- WORK ORDER:
Copy out, exactly as written, only the line containing "Q 47.051 674.518, 47.051 679.958" and the lines after it through the end of the records.

<<<<

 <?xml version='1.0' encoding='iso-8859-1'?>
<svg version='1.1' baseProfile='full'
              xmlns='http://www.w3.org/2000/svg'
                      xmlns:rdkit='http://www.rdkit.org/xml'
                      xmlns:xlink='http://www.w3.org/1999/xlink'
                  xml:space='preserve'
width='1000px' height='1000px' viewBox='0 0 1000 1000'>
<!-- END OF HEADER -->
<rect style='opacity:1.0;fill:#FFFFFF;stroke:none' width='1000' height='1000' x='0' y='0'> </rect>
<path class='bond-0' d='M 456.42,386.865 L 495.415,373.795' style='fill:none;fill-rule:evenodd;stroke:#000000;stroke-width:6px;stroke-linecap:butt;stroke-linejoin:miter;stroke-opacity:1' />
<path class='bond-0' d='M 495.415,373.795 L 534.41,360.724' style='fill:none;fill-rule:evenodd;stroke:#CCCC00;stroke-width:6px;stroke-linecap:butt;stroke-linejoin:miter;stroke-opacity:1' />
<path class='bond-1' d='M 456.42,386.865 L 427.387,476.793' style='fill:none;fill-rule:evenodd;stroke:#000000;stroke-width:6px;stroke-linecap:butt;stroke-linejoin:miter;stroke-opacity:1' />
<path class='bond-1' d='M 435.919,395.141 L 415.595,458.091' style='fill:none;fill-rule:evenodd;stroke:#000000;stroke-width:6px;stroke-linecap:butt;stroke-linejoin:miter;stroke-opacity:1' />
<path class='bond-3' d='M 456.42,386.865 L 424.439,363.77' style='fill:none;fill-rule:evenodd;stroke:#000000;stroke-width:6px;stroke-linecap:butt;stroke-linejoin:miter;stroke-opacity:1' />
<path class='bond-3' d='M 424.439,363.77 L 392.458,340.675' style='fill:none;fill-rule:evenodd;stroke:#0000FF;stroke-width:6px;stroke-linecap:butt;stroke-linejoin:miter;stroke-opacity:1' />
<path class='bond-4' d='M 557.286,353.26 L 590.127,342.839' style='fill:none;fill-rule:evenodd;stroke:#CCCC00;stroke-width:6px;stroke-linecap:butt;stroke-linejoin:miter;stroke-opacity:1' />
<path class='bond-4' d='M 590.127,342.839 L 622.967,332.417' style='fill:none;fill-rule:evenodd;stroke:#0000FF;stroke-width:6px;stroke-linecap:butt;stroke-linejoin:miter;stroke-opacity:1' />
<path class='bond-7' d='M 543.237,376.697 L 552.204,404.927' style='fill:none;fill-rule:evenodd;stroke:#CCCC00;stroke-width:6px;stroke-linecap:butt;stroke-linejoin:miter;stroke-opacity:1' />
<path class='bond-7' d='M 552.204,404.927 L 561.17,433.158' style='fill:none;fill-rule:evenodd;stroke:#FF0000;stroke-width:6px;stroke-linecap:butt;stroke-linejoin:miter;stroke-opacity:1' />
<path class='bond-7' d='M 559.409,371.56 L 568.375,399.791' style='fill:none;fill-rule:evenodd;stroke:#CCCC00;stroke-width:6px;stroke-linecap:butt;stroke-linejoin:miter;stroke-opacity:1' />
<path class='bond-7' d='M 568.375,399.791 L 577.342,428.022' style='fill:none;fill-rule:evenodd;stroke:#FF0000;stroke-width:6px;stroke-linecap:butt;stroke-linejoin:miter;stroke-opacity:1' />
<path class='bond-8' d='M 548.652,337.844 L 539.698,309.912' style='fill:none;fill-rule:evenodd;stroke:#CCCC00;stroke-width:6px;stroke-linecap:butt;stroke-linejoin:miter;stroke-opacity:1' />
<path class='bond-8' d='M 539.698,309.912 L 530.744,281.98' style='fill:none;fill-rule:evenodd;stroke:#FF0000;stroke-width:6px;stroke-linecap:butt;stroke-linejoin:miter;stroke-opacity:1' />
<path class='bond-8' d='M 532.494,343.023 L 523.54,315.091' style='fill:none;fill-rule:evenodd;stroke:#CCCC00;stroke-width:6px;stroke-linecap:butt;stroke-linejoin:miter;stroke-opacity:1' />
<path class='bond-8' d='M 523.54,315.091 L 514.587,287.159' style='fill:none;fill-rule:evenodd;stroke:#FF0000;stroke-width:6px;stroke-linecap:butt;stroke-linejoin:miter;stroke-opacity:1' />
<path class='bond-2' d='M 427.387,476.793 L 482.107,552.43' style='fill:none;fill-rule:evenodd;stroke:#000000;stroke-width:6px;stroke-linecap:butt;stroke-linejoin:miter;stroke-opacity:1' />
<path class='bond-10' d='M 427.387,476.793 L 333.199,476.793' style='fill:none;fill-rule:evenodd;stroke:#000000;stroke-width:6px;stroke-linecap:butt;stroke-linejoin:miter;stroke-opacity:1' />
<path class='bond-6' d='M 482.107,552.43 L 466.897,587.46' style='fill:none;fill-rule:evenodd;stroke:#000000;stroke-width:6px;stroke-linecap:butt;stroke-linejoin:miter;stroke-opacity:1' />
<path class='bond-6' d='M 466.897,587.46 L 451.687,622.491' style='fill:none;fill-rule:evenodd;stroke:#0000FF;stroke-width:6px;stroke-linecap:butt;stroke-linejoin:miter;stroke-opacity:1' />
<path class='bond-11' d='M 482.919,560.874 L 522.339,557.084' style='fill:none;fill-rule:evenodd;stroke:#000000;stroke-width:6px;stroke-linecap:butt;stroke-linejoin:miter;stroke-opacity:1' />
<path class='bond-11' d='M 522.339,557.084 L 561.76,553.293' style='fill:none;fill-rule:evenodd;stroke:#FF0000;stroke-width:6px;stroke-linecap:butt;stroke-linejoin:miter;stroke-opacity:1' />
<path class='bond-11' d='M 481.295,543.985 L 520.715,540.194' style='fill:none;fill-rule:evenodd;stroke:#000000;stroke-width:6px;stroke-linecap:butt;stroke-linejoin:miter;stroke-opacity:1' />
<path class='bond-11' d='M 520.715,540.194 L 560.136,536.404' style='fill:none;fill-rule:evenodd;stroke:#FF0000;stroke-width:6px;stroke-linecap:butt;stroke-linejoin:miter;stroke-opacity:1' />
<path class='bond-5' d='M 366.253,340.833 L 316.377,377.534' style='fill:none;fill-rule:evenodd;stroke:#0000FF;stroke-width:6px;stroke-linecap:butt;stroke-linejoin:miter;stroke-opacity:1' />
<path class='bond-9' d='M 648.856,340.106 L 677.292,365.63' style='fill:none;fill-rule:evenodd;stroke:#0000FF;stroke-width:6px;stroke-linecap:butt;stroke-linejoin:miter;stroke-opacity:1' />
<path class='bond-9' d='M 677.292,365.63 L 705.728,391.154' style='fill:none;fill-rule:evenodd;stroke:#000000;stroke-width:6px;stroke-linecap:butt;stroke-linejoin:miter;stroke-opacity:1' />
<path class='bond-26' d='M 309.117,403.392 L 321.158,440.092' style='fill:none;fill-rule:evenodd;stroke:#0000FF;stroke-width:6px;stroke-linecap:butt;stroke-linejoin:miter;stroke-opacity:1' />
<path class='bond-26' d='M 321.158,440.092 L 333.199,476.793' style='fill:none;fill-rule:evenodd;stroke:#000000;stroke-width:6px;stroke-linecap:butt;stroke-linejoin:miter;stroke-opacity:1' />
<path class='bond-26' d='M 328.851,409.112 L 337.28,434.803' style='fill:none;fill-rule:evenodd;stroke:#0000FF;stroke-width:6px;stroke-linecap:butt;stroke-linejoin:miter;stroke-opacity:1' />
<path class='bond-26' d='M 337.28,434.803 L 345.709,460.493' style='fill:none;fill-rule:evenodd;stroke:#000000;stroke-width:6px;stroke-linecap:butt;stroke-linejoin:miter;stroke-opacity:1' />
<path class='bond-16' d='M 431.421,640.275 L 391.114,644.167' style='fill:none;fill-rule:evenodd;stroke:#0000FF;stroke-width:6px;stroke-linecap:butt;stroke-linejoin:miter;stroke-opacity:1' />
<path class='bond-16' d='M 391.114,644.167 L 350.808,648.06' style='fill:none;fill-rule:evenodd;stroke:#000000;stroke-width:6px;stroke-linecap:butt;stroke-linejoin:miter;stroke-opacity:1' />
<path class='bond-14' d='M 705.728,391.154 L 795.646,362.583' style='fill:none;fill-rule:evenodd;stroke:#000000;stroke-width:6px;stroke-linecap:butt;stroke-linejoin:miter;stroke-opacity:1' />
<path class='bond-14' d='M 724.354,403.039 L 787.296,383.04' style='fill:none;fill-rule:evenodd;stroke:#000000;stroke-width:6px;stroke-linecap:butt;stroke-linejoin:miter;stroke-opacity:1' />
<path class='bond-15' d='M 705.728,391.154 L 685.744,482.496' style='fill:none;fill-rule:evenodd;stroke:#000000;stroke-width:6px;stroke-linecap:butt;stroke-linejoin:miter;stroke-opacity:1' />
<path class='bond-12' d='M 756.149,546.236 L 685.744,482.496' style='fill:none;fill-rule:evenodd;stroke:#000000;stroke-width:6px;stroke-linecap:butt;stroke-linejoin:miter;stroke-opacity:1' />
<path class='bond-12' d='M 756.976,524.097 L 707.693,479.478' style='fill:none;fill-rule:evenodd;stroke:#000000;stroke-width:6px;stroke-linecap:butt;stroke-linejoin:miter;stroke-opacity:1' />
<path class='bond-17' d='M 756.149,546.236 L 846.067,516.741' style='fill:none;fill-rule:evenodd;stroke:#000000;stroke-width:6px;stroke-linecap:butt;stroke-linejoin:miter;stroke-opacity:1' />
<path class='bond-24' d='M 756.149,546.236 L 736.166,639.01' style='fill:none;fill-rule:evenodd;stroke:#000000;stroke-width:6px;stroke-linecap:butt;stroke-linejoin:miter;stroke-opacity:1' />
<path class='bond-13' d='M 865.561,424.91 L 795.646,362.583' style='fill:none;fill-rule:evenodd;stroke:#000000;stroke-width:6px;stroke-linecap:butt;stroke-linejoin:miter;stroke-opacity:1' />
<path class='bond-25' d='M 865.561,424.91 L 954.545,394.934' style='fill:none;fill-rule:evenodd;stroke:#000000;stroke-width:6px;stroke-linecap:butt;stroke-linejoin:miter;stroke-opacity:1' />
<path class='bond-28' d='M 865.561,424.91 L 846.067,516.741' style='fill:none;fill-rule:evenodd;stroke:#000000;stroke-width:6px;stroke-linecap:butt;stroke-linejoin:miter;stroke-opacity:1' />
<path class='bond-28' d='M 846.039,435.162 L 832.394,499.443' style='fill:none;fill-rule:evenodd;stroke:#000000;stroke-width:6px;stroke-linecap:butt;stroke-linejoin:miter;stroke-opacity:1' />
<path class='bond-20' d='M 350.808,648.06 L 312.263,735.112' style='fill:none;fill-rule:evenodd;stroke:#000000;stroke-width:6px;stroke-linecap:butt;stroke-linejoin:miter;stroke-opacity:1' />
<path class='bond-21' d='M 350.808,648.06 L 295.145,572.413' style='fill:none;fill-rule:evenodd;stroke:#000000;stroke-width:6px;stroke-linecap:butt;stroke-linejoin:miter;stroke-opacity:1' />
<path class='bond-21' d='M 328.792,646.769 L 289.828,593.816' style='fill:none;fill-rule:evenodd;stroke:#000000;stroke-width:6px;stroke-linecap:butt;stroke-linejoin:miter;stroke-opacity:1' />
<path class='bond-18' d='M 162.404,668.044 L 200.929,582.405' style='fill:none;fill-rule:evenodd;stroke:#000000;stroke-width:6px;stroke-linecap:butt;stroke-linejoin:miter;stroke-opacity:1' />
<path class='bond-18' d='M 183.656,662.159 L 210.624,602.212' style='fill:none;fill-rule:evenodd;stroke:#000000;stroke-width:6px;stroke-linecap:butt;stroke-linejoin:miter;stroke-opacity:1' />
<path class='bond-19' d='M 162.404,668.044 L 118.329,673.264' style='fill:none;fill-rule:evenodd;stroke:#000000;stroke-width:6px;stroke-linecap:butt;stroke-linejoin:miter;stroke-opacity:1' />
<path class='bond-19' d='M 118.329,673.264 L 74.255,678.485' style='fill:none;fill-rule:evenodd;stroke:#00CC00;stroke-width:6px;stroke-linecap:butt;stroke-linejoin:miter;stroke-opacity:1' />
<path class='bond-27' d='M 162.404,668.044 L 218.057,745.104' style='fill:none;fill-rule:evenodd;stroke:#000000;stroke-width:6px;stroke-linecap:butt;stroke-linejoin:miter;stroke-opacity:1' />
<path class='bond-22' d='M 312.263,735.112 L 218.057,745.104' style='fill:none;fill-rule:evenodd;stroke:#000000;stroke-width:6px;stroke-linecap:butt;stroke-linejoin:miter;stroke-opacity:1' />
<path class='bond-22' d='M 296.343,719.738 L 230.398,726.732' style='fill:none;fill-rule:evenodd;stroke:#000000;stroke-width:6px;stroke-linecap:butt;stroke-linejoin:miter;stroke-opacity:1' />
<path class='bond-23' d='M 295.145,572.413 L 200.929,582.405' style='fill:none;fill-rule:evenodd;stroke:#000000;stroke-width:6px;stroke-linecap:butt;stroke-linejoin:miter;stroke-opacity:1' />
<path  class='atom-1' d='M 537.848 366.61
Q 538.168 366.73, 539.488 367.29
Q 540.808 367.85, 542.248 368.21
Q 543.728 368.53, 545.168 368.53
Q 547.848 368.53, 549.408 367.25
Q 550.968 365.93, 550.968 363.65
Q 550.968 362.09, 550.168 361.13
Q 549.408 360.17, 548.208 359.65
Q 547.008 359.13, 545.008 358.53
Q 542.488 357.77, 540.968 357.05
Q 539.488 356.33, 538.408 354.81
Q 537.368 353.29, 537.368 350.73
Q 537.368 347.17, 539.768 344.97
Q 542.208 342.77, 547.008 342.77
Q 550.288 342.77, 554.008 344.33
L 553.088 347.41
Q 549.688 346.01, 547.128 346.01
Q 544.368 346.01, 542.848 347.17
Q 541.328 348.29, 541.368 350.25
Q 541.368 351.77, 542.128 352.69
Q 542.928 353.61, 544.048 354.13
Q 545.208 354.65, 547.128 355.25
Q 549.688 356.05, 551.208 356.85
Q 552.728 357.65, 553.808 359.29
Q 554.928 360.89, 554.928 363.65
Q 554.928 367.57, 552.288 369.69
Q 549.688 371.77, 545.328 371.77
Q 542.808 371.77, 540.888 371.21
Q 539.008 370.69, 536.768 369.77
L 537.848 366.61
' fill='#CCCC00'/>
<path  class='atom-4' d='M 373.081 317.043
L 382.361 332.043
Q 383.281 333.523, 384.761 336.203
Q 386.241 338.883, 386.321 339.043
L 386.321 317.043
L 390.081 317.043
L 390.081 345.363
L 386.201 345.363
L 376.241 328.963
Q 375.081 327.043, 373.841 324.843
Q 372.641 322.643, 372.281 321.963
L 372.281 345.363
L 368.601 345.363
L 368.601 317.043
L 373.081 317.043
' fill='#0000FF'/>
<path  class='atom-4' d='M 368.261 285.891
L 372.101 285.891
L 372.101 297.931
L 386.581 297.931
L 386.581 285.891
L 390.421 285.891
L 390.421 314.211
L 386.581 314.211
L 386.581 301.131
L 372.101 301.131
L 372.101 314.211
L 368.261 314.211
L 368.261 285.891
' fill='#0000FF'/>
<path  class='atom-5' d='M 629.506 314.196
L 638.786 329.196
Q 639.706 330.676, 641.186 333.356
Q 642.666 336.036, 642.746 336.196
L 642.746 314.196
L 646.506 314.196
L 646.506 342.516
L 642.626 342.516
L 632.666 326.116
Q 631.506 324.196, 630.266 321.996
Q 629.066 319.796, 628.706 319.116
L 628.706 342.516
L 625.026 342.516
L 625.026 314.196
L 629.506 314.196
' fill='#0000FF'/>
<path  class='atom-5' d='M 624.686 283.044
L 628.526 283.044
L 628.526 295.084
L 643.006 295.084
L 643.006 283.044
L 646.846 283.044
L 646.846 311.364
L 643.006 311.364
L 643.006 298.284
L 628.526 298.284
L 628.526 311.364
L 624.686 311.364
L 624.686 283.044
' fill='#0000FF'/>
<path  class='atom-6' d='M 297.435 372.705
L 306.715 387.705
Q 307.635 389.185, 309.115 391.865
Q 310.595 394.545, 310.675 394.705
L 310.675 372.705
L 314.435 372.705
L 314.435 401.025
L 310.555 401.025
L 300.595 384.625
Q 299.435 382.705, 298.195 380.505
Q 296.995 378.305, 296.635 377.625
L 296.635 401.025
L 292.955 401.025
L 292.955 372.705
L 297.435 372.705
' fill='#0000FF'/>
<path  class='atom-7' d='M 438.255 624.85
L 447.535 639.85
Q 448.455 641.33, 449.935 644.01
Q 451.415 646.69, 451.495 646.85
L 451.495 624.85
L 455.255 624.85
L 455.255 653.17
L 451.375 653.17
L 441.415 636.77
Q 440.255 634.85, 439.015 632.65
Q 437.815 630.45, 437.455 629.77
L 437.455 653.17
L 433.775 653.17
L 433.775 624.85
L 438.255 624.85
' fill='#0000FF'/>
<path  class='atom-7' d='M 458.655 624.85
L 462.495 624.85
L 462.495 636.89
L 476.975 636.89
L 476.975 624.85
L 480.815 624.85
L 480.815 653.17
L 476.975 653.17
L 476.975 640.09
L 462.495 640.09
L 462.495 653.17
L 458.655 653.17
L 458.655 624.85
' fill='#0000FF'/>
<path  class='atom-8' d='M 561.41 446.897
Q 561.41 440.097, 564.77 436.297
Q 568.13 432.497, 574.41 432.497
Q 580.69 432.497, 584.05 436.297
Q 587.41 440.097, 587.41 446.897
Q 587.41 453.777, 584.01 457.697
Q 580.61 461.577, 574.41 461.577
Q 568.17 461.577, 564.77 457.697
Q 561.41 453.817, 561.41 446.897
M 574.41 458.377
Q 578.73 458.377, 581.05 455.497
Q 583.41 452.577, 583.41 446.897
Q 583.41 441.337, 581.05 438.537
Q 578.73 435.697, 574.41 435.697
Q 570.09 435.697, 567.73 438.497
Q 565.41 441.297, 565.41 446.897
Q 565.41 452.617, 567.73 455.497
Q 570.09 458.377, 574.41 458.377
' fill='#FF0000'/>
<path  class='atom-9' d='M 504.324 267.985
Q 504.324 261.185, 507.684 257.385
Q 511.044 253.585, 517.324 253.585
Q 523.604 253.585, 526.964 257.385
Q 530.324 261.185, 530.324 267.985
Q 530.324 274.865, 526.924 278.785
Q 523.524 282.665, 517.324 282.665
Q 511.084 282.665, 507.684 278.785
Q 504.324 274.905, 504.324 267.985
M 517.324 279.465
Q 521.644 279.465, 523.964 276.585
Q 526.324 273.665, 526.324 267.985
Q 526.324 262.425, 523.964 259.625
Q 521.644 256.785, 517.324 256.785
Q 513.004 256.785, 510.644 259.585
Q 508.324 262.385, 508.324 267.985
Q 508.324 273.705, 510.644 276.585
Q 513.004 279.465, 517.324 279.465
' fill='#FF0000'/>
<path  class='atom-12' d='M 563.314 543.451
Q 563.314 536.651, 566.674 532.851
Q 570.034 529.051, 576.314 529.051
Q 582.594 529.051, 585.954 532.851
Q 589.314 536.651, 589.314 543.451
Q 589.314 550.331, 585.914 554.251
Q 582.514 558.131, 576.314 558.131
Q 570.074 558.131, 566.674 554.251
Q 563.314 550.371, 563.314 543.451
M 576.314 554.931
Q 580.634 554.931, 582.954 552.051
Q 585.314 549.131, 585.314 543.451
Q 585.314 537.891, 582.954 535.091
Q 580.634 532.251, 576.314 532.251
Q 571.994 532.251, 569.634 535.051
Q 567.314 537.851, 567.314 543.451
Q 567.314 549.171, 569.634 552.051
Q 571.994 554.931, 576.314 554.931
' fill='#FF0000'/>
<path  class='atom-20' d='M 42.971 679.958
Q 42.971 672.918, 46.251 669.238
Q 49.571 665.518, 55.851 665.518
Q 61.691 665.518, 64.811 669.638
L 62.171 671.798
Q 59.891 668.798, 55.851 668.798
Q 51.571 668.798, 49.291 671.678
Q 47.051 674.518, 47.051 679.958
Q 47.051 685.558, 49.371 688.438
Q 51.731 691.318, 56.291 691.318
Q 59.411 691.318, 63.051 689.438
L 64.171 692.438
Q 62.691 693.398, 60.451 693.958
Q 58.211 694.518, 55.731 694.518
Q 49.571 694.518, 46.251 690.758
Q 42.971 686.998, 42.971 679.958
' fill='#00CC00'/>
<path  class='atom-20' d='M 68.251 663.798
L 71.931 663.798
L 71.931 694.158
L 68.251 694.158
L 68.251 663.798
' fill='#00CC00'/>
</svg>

>>>>

- ANSWER TO THIS PROBLEM:
Q 47.051 674.518, 47.051 679.958
Q 47.051 685.558, 49.371 688.438
Q 51.731 691.318, 56.291 691.318
Q 59.411 691.318, 63.051 689.438
L 64.171 692.438
Q 62.691 693.398, 60.451 693.958
Q 58.211 694.518, 55.731 694.518
Q 49.571 694.518, 46.251 690.758
Q 42.971 686.998, 42.971 679.958
' fill='#00CC00'/>
<path  class='atom-20' d='M 68.251 663.798
L 71.931 663.798
L 71.931 694.158
L 68.251 694.158
L 68.251 663.798
' fill='#00CC00'/>
</svg>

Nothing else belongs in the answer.